Data extracts:
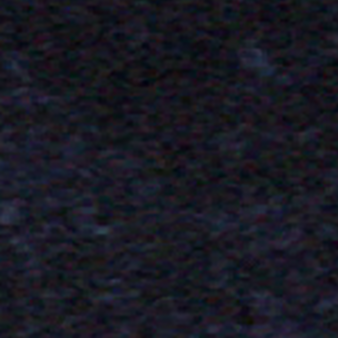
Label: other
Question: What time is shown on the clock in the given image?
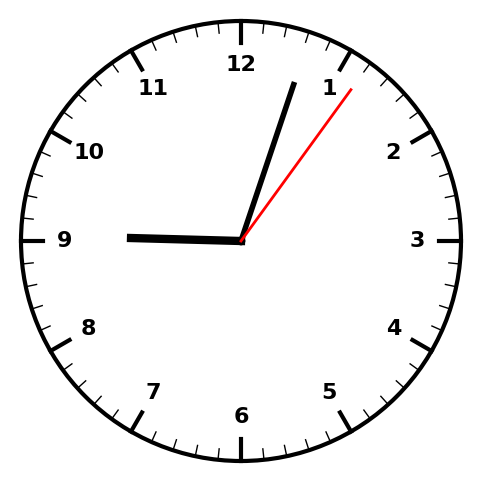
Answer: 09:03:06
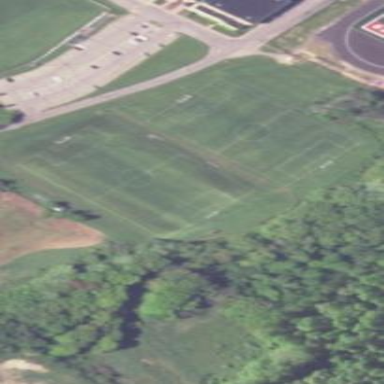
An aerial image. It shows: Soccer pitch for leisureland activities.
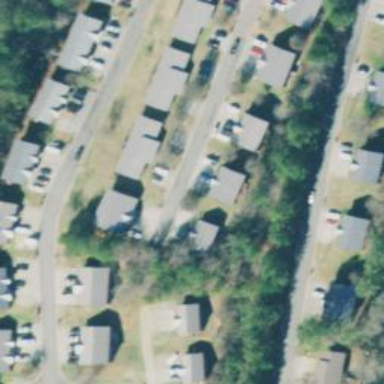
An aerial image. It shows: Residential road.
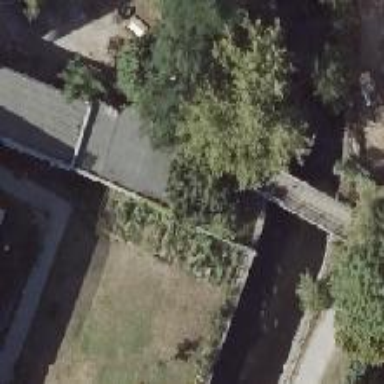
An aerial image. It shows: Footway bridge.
==
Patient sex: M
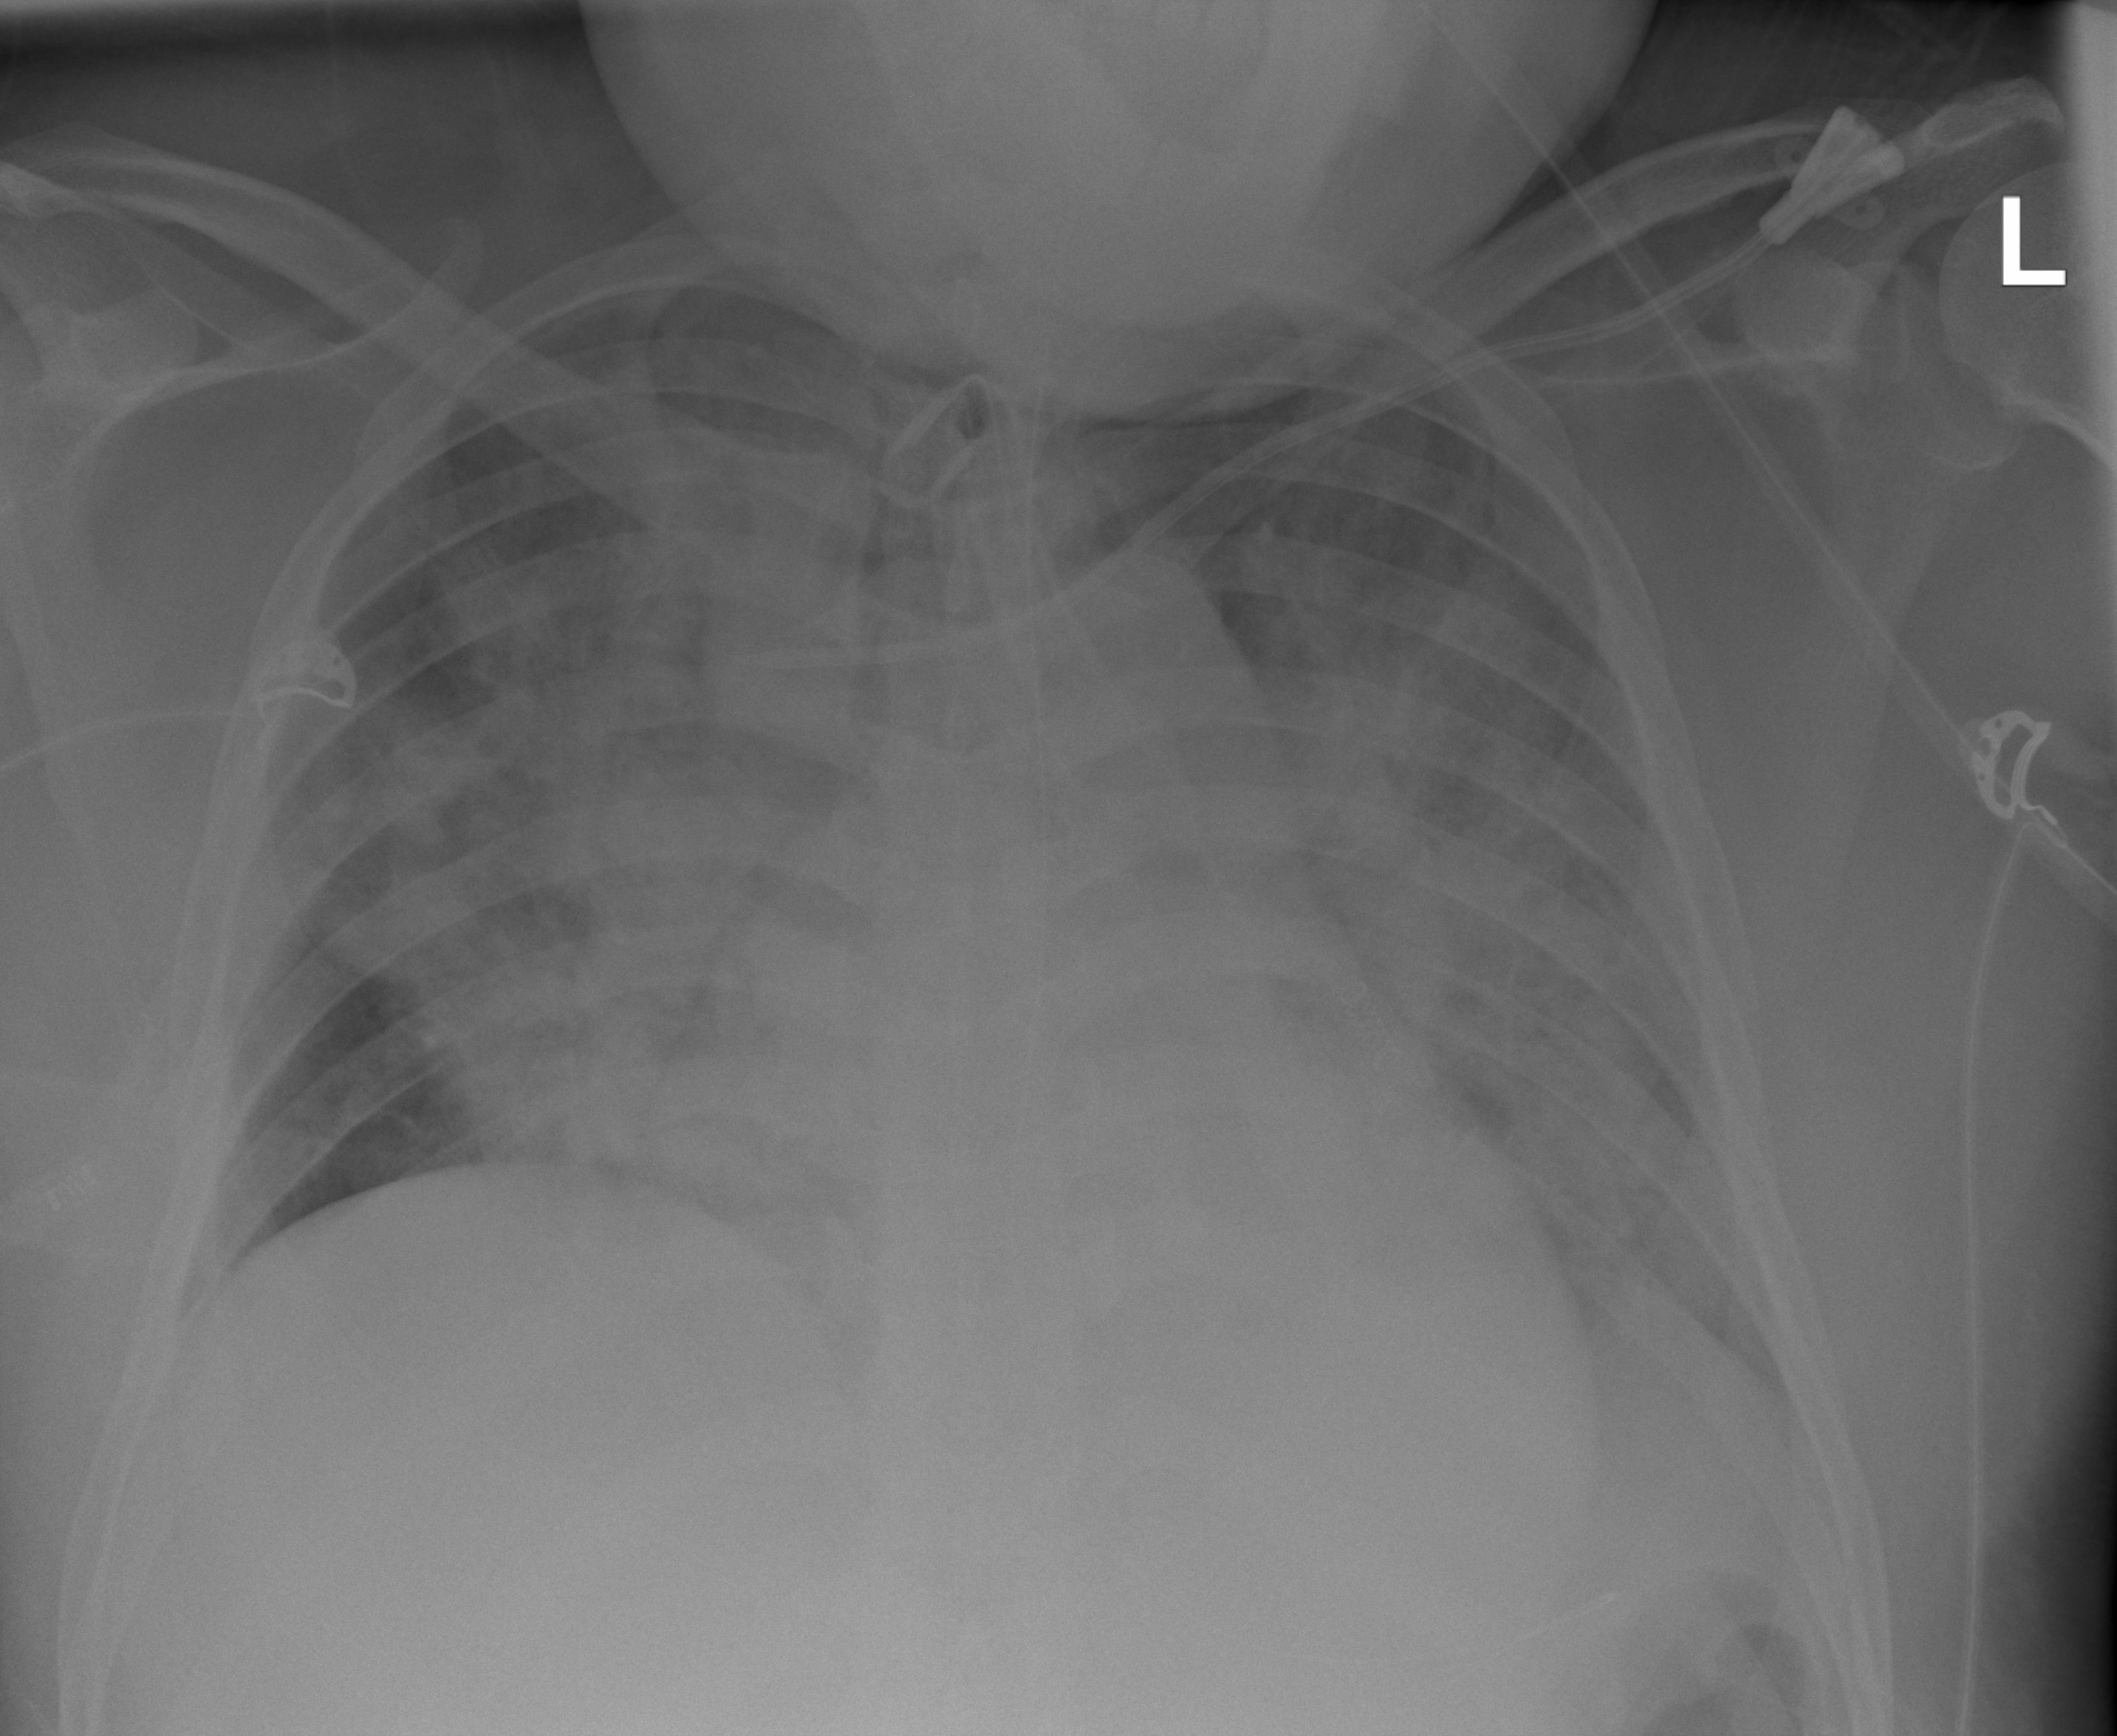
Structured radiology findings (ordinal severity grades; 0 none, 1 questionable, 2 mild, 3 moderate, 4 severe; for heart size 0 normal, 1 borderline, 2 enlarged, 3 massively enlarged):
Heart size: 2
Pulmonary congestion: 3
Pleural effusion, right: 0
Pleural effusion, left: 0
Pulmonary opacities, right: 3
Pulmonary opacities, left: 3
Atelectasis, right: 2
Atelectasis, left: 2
---
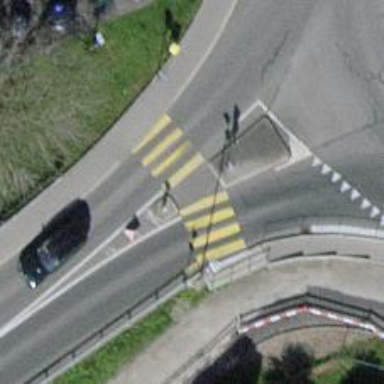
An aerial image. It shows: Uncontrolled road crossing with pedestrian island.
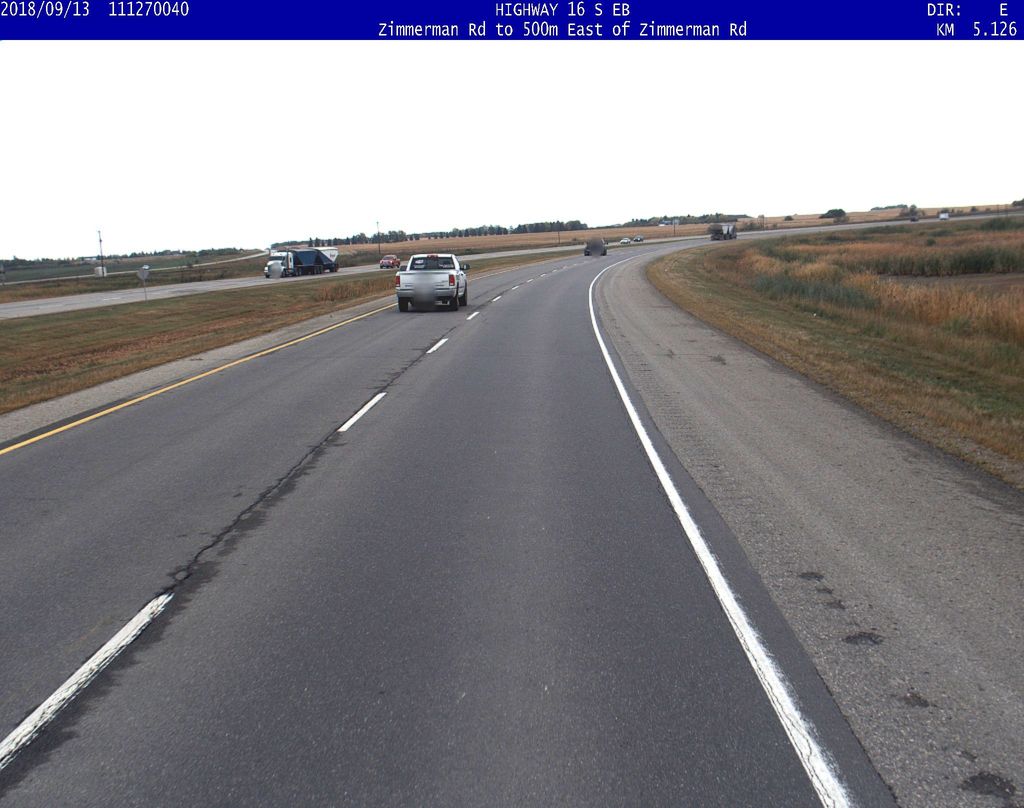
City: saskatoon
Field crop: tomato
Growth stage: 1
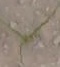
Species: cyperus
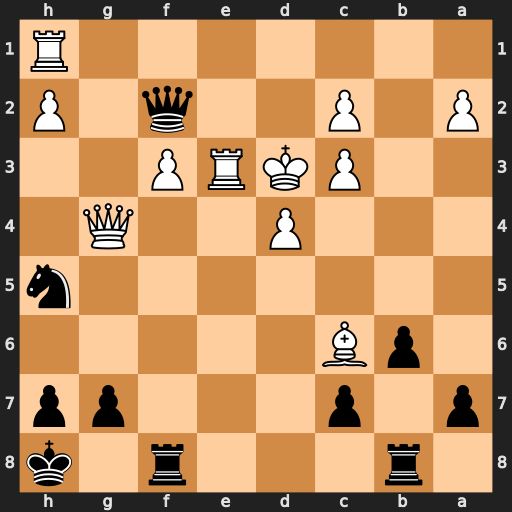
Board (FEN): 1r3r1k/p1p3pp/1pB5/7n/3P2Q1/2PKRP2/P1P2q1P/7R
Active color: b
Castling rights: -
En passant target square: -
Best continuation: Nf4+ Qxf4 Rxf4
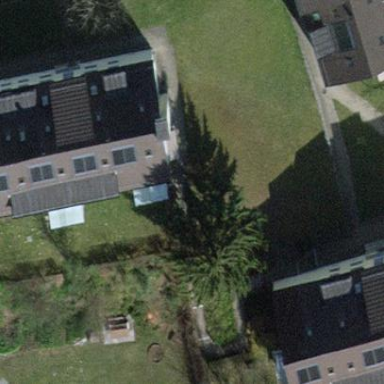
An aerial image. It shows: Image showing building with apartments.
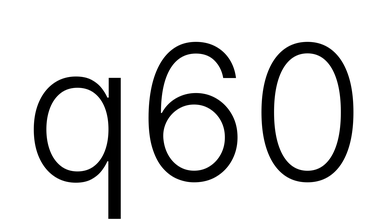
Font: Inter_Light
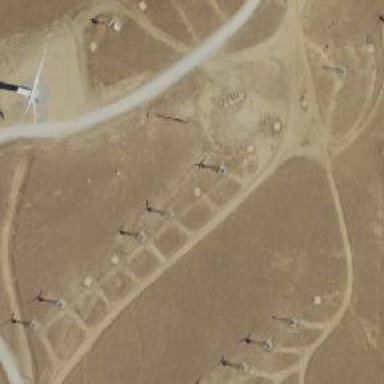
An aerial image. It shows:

Prompt:
Only a number is asked for here: the count of lines in the records that hold "left".

Answer below:
3